Biography
Mike Paradinas ranks among the foremost figures in electronic music created for private listening. His µ-Ziq recordings preserve the raw texture associated with early techno trailblazers while venturing toward the edges of experimental electronica, all the while reflecting an idiosyncratic melodic sense, periodic use of vintage synthesizer hardware, and rhythms generated by distorted beatboxes. Side projects such as Jake Slazenger, Gary Moscheles, and Kid Spatula have frequently highlighted or lampooned his connections to jazz, funk, and electro, yet Paradinas channels his most distinctive and vigorous material into µ-Ziq releases. Initial µ-Ziq albums including 1993’s Tango n’ Vectif centered on the harshest buzzsaw percussion then encountered in any musical setting, overlaid with swift yet deceptively delicate synthesizer lines. As Paradinas integrated his assorted influences into a coherent style, the music grew more cohesive, merging breakbeat hip-hop and drum’n’bass with industrial textures and the same brittle melodies that marked his prior efforts. The pivotal 1997 album Lunatic Harness helped establish the drill’n’bass subgenre, while 2003’s Bilious Paths edged toward breakcore.
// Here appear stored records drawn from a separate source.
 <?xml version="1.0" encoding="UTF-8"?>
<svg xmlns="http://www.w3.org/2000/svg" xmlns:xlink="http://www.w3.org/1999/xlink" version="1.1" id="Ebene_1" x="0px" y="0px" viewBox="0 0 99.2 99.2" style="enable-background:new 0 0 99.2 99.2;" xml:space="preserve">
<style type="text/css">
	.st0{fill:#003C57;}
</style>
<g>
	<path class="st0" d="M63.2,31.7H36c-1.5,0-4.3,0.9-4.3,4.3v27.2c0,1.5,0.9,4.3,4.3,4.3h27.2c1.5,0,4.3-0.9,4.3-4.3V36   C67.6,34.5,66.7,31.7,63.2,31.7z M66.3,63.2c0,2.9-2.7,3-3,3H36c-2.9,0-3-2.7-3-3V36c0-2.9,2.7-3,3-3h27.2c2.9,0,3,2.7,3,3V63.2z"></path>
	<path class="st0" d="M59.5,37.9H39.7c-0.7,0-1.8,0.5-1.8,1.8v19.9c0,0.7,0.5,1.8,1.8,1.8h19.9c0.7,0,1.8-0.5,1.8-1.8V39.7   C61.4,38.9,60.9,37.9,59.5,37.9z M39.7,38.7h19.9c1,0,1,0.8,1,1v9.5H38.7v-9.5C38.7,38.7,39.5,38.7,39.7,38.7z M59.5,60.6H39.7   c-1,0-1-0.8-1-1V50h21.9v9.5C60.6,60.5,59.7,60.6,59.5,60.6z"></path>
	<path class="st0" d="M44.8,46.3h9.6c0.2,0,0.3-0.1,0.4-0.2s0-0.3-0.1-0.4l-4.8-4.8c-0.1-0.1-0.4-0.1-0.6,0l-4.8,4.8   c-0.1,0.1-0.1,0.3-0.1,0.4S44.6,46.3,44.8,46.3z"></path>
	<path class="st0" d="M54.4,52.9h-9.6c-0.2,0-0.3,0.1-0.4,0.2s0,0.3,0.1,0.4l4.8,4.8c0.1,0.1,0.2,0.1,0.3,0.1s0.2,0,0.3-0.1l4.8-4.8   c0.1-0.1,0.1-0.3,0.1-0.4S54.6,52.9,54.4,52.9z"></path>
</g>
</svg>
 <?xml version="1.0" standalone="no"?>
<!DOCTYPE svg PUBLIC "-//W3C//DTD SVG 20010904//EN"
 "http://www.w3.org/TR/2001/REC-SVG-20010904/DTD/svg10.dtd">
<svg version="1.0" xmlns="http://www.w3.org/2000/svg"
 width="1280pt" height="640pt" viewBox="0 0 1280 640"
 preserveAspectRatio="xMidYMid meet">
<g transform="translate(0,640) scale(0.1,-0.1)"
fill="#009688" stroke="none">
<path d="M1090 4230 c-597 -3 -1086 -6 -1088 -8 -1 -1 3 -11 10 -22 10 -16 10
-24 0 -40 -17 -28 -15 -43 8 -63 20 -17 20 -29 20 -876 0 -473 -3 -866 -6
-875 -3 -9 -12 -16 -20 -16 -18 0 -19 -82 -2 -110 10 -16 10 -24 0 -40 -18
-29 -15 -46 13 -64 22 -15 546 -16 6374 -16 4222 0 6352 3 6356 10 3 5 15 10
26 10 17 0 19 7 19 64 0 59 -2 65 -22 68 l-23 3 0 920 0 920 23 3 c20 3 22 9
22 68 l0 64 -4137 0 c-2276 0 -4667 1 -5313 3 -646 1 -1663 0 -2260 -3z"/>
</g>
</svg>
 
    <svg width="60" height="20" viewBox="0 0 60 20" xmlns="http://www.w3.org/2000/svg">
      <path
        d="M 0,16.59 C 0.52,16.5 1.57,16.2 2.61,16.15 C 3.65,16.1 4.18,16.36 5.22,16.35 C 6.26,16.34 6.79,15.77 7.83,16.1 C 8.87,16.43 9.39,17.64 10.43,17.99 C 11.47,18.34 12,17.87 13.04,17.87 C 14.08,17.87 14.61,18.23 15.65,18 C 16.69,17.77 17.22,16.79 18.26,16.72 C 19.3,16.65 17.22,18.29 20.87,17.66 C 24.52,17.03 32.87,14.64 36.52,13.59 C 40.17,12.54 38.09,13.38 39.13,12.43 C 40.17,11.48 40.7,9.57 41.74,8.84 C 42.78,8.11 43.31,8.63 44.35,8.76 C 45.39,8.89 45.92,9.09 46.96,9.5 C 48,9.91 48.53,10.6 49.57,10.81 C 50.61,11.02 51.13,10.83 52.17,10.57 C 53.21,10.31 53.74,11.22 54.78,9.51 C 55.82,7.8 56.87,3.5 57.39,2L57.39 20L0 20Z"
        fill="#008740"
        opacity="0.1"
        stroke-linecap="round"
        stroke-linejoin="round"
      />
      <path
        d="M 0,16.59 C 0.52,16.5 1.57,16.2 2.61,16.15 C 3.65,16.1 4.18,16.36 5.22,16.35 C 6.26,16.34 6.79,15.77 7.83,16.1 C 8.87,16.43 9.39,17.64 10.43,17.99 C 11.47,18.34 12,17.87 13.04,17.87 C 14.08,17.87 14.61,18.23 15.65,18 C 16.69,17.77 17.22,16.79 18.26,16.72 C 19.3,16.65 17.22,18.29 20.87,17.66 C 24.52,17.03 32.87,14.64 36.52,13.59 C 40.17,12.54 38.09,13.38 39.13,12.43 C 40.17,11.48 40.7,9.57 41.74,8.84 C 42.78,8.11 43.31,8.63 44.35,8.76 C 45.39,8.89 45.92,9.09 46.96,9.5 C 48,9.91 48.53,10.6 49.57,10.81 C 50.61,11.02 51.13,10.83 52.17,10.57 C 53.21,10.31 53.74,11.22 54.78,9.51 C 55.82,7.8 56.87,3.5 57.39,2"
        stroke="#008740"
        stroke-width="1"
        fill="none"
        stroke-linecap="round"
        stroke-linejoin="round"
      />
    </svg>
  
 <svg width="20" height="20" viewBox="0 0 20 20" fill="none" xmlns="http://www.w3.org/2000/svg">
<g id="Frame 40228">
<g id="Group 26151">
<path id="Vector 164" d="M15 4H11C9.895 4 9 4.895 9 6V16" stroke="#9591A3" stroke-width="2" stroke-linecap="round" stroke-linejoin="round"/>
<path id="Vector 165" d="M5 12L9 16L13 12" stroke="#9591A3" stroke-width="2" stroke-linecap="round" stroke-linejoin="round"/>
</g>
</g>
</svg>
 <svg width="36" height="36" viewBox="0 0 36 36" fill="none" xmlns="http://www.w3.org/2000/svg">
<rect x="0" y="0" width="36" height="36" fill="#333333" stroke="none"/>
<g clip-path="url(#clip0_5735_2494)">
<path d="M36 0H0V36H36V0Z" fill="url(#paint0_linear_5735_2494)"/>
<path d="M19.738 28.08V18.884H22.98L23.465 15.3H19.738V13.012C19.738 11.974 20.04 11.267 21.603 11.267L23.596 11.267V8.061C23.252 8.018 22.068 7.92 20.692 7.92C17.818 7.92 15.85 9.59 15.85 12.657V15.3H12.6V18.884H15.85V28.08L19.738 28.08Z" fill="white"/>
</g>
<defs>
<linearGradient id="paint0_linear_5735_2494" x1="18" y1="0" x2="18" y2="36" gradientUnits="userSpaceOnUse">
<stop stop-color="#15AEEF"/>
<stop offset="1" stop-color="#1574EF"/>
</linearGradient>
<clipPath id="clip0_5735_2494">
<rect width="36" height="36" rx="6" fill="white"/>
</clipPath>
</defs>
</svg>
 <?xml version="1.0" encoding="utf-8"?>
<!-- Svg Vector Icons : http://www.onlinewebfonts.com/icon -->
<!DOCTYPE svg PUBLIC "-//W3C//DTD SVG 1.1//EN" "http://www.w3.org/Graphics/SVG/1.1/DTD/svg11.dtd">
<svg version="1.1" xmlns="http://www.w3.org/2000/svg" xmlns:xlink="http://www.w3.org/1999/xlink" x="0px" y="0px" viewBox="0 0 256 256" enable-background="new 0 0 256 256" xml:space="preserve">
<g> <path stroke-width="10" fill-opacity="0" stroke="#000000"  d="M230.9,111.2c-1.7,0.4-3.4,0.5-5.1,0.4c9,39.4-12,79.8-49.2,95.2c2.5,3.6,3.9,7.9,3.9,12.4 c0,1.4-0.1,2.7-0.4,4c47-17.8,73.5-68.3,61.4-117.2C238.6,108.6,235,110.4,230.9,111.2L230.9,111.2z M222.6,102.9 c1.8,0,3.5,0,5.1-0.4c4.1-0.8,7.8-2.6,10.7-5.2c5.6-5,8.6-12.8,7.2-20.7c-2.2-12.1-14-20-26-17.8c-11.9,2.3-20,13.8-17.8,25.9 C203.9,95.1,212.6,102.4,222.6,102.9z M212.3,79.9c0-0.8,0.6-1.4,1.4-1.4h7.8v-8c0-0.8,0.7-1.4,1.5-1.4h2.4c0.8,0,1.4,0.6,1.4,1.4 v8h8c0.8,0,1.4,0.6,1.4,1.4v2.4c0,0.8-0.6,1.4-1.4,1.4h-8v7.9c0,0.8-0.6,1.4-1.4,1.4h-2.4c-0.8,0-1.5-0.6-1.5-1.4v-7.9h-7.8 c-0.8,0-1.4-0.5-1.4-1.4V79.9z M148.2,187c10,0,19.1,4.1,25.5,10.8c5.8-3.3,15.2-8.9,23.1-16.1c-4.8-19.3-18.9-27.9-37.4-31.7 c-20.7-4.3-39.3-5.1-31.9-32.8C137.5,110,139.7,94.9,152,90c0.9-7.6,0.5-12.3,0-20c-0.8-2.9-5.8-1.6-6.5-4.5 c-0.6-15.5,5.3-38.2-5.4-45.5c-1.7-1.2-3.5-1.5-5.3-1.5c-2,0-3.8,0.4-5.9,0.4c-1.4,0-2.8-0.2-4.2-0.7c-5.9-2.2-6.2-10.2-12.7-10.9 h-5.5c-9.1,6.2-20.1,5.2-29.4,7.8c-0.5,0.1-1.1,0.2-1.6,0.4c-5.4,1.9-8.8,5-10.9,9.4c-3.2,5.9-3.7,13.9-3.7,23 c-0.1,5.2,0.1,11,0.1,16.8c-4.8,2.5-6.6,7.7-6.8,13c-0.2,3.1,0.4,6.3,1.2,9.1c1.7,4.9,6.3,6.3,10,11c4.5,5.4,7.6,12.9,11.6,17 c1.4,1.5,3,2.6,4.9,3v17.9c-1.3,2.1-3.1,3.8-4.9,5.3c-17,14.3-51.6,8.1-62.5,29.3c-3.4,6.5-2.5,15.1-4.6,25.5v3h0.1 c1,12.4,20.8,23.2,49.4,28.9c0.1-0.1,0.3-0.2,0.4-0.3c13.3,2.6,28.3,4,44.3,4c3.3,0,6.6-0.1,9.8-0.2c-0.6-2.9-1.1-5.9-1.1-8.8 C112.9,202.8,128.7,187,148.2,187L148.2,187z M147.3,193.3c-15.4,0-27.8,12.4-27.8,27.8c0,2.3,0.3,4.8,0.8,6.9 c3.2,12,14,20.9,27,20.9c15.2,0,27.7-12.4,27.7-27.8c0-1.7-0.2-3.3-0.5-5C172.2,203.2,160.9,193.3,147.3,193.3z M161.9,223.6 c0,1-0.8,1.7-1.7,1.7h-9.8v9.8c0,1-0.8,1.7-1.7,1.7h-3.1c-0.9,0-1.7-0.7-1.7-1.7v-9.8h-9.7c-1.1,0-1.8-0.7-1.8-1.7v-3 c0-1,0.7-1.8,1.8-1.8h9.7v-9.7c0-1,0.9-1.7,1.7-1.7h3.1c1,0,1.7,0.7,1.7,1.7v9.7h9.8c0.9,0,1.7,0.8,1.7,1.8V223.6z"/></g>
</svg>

Subsequent releases such as 2013’s Chewed Corners registered his engagement with forward-looking electronic forms including Chicago’s juke and footwork scenes, alongside nods to his foundational inspirations from the British rave scene and Detroit techno. Secret Garden, issued in 2021 as a collaboration with Mrs Jynx, comprised wistful ambient electronica. Paradinas returned to his frenetic, jungle-rooted approach in 2022 via three projects—the Goodbye EP together with the full-lengths Magic Pony Ride and Hello—before issuing the more ambient-oriented 1977 in 2023. Grush, extending the breakbeat emphasis of his releases from two years prior, appeared in 2024.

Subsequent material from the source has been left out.